叶簌的手臂绕过她的背,将她搂在怀里,像是哄小孩子一样,拍了拍她的手臂,说道:“要是难过就哭吧,哭出来会好点。”
“哭?我为什么要哭?”胡茵看她,却是笑了:“我开心还来不及呢。”
叶簌看她的神情不像是在说谎,便是松了一口气,说道:“以后会遇见更好的。”
“借你吉言,”胡茵轻笑一声,忽然立直了身体问道:“你是不是早就知道了?”
叶簌没否认:“是。”
“我就知道,”胡茵撅起了嘴。
“你会不会生我的气?”叶簌问她。
胡茵皱了皱眉头,认真的摇头:“为什么要生你的气啊,都怪我笨,现在发现,你其实早就暗示我了,我竟然都没发现。”
叶簌笑道:“现在发现也还来得及。”
“在一个人渣身上浪费这么多感情,好气哦,”她郁闷的往叶簌的肩膀上靠,要不是叶簌提醒,她差点要被一个渣gay骗婚了!
“榛榛,有你真好,”她真心实意的道谢。
叶簌笑了笑,说:“我说过,我不希望你受到伤害,之前不说,不是故意瞒你,只是想找个合适的时机再戳破秦尚的谎言,可是我没想到你会突然提前订婚的时间。”

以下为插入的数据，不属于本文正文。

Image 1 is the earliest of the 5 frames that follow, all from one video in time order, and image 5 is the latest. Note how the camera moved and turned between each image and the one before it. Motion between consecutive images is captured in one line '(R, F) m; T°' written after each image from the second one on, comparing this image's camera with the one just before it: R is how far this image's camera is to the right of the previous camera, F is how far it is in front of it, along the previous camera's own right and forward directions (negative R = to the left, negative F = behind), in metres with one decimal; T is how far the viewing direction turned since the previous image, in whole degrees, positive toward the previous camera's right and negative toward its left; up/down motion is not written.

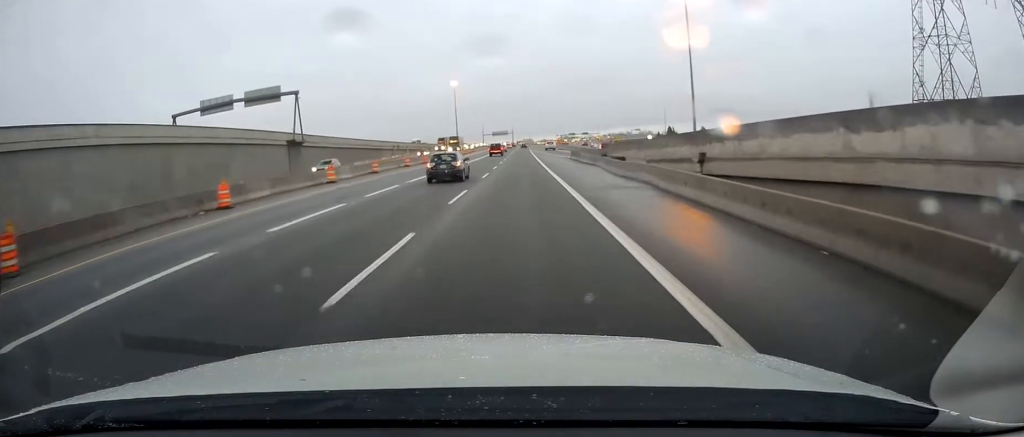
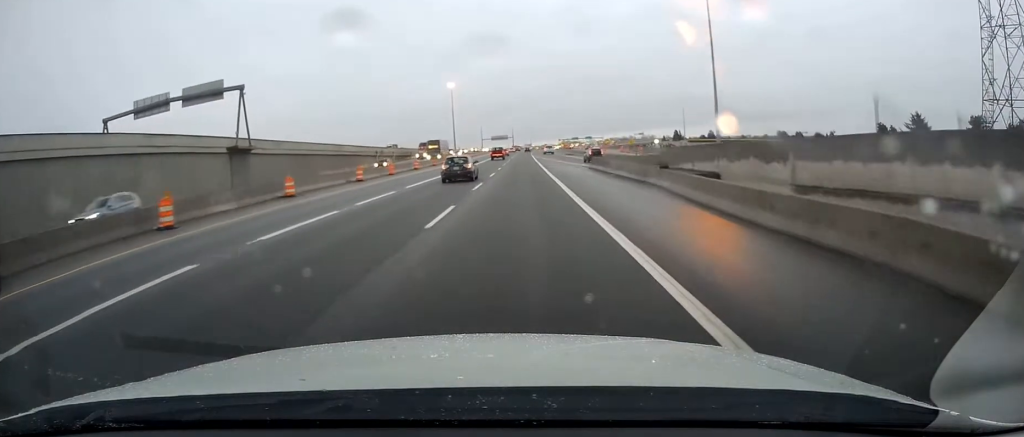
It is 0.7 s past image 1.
(+0.4, +18.9) m; 0°
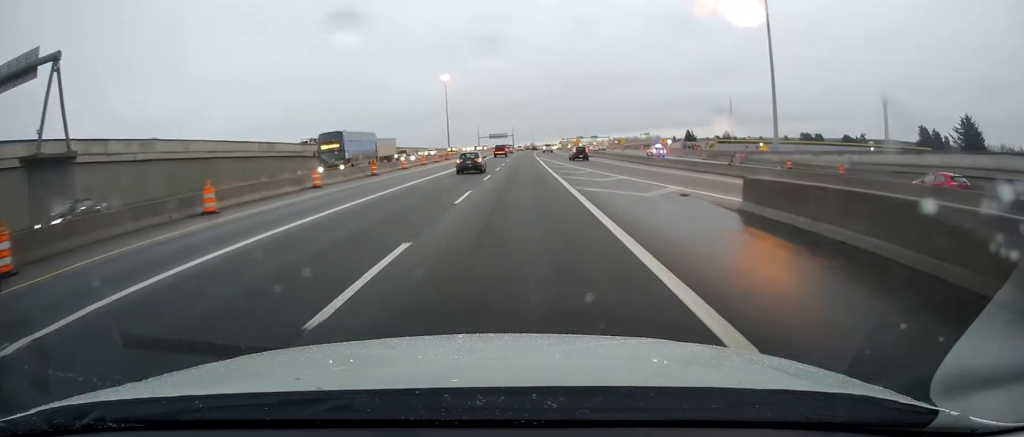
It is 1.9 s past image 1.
(-0.3, +33.2) m; 0°
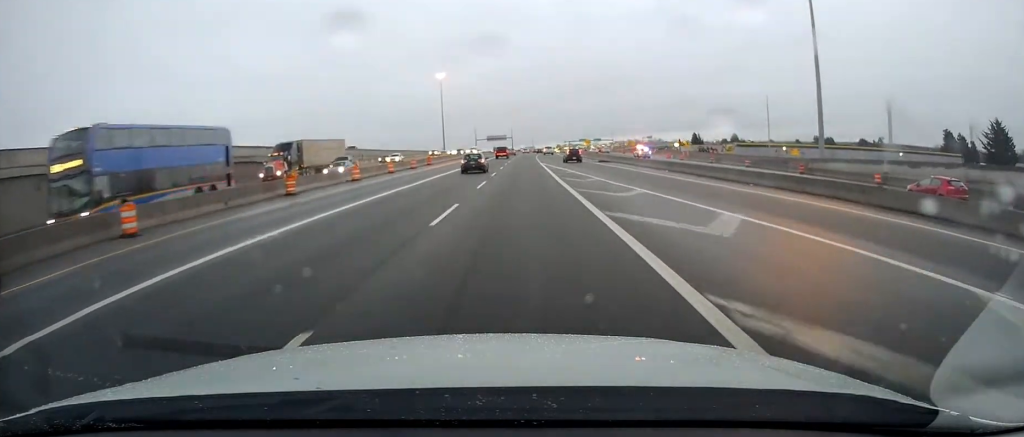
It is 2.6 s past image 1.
(+0.2, +18.0) m; 0°
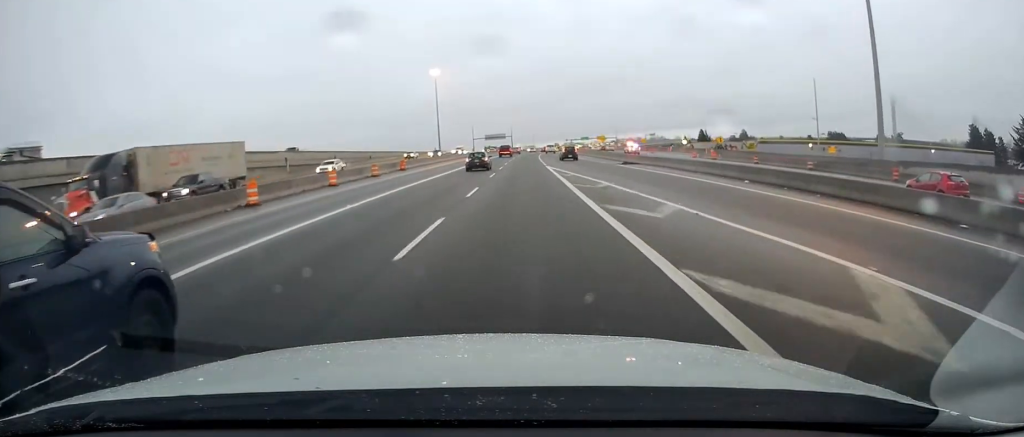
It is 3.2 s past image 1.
(0.0, +17.2) m; 0°

胡茵嗯嗯两声,眨了眨眼睛,说道:“我知道,你都是为我考虑。”
叶簌抿了抿唇线,心里的石头总算落下了一半,剩下的那一半,就让她来处理吧。
送胡茵到了家,叶簌目送她进了门后,拨了一个电话出去。
“明天就把检举材料递上去吧。”
“怎么突然提前了?”对方不解的问道。
“计划有变,只能提前了,”叶簌看了一眼窗外的路边,嘴角弯了弯:“不影响计划。”
“好。”
挂了电话,叶簌打开车窗,风吹着她的面前,冷冷的,她却是笑意深深。
好事要成双,祸事当然也不能单行了。
一大早,叶簌就被电话吵醒了,胡茵在那边激动的说话,叶簌听得马马虎虎,时不时应和两句。
“叶榛榛同学,你到底有没有认真听我说话啊!”胡茵在那边不满的抗议。
叶簌囫囵的回道:“听到了,不就是秦尚被阉了吗?”
胡茵哈哈大笑:“对啊,这个人渣,居然被阉了!知道是谁干的吗?说出来你可能不信,居然是他的情人干的,哈哈哈哈,大早上的,就听到一个好消息,我早上包子都多吃了两个。”
“放心吧,很快你午饭也会多吃一碗的,”叶簌翻了个身,继续睡觉。
胡茵哎了一声:“什么意思?”
“等我睡醒了你就知道了。”叶簌说完,就挂了,大好的早上她才不要听胡茵唠叨,她要睡觉。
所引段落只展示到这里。